Data Science & Biomedical Informatics

About Us

The Data Science & Biomedical Informatics program is dedicated to the advancement of data analytics, machine learning, and basic/clinical research informatics at Children's Hospital Los Angeles.

How We Support

The Data Science & Biomedical Informatics program promotes data-driven science across the entire research enterprise at CHLA, including practices, functions, solutions, and new ventures, to foster a broader data ecosystem toward innovative clinical discoveries. The program engages directly with the diverse and interdisciplinary research community at CHLA and USC to support the mission of the research enterprise.

At the core of the program are the design, implementation, and operation of novel cutting-edge information systems, analytics software, and scientific computing resources.
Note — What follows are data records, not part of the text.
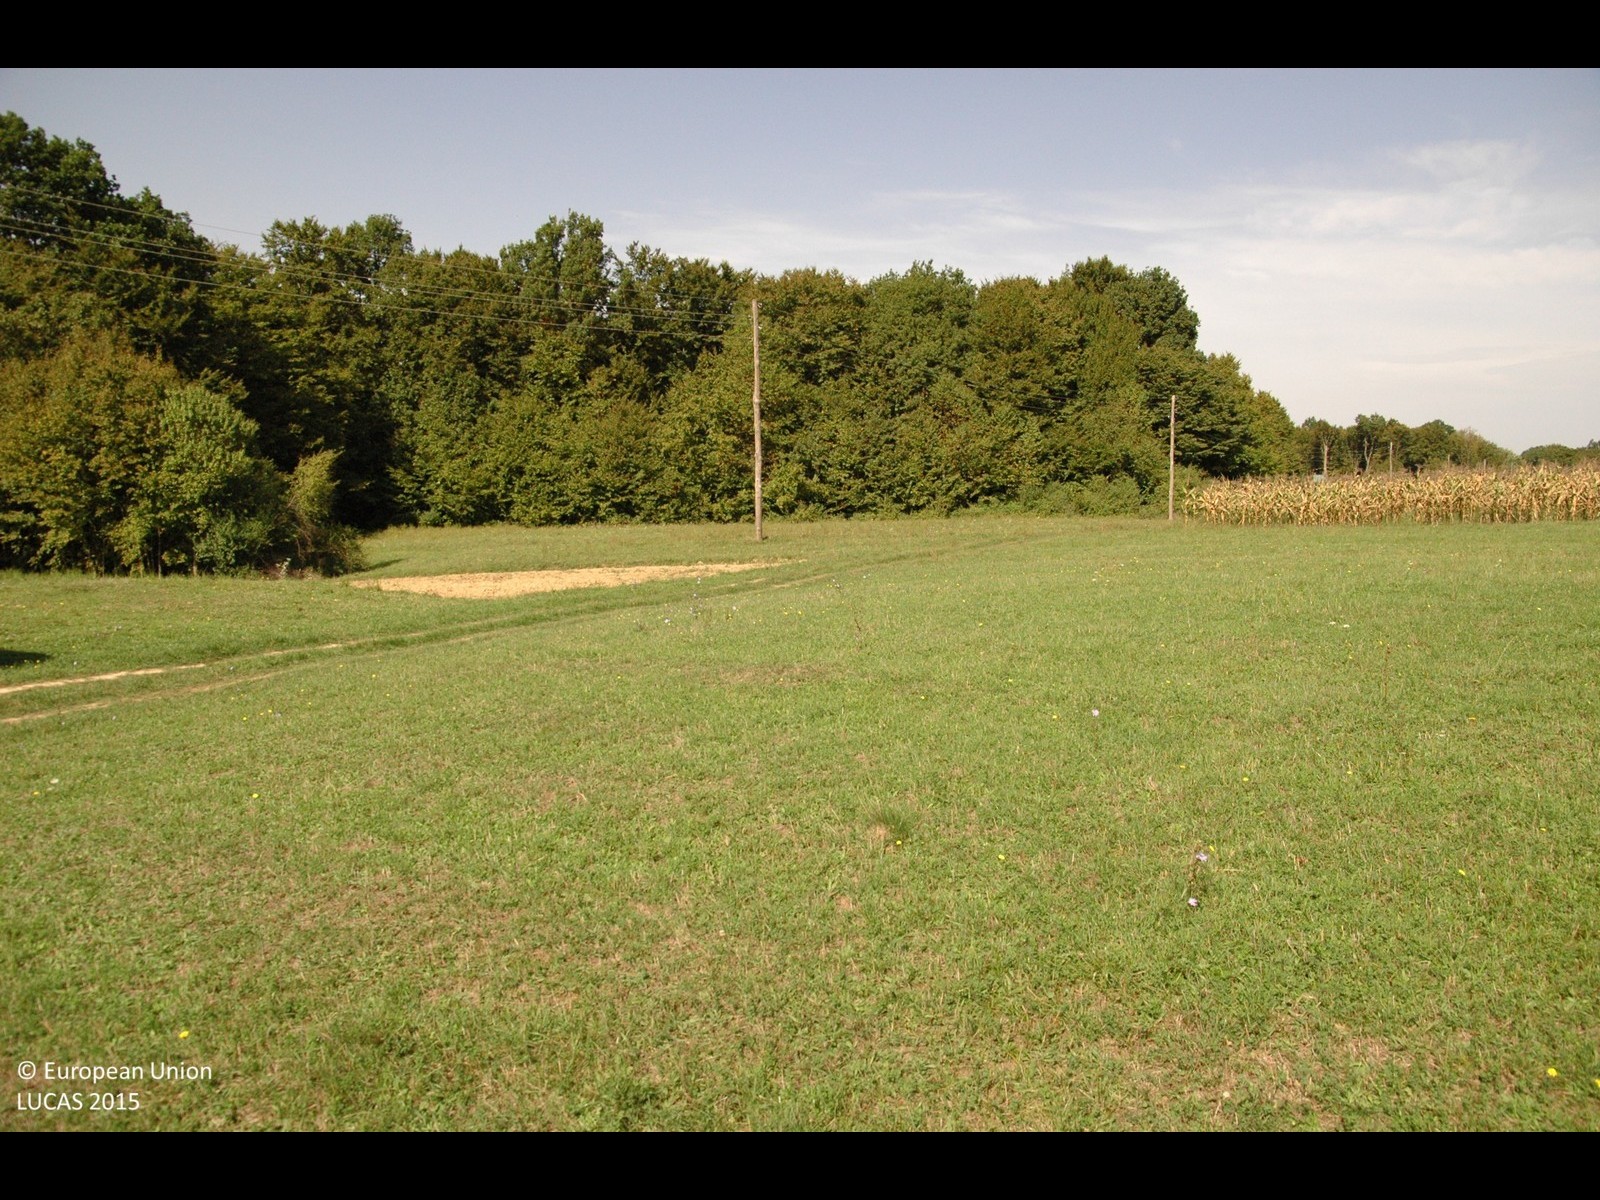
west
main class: Grassland
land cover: Grassland without tree/shrub cover
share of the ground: > 75 %
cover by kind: herbaceous plants 100 %
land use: Agriculture (excluding fallow land and kitchen gardens)
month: September
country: HR
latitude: 45.5560
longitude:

The program is also dedicated to educating our research community about optimized data solutions. 

The team is providing the foundation for data-driven and machine learning-enabled research at CHLA to encourage widespread adoption and usage of a broad spectrum of data assets.

Clinical Research Cohort Discovery

Cohort discovery through the Enterprise Data Lake (EDL) and HealtheIntent provides the CHLA research community a process to discover patient count information to self-serve hypothesis exploration. The de-identified count information can then be used to submit an IRB study protocol and obtain access to the full data set.

The Data Science & Biomedical Informatics program is currently supported by TSRI and Information Services.

Trinetx, Inc

The Trinetx, Inc solution allows cohort discovery on HIPAA Safe Harbor de-identified data raging from November 2004 to December 2018 and is limited to 100 selected labs. In addition to CHLA data, data from about 60 other institutions can be queried.

I2B2 Core

The I2B2 Core system provides cohort discovery on HIPAA LDS (limited dataset) de-identified data including all clinical observations until 2018.


The Los Angeles Data Resource (LADR) is a data-sharing consortium organized by UCLA and includes several institutions within the LA area. Data queries are executed at all institutions and result in a federated cohort discovery. Researchers can then obtain IRB from the respective institution to obtain the full data set.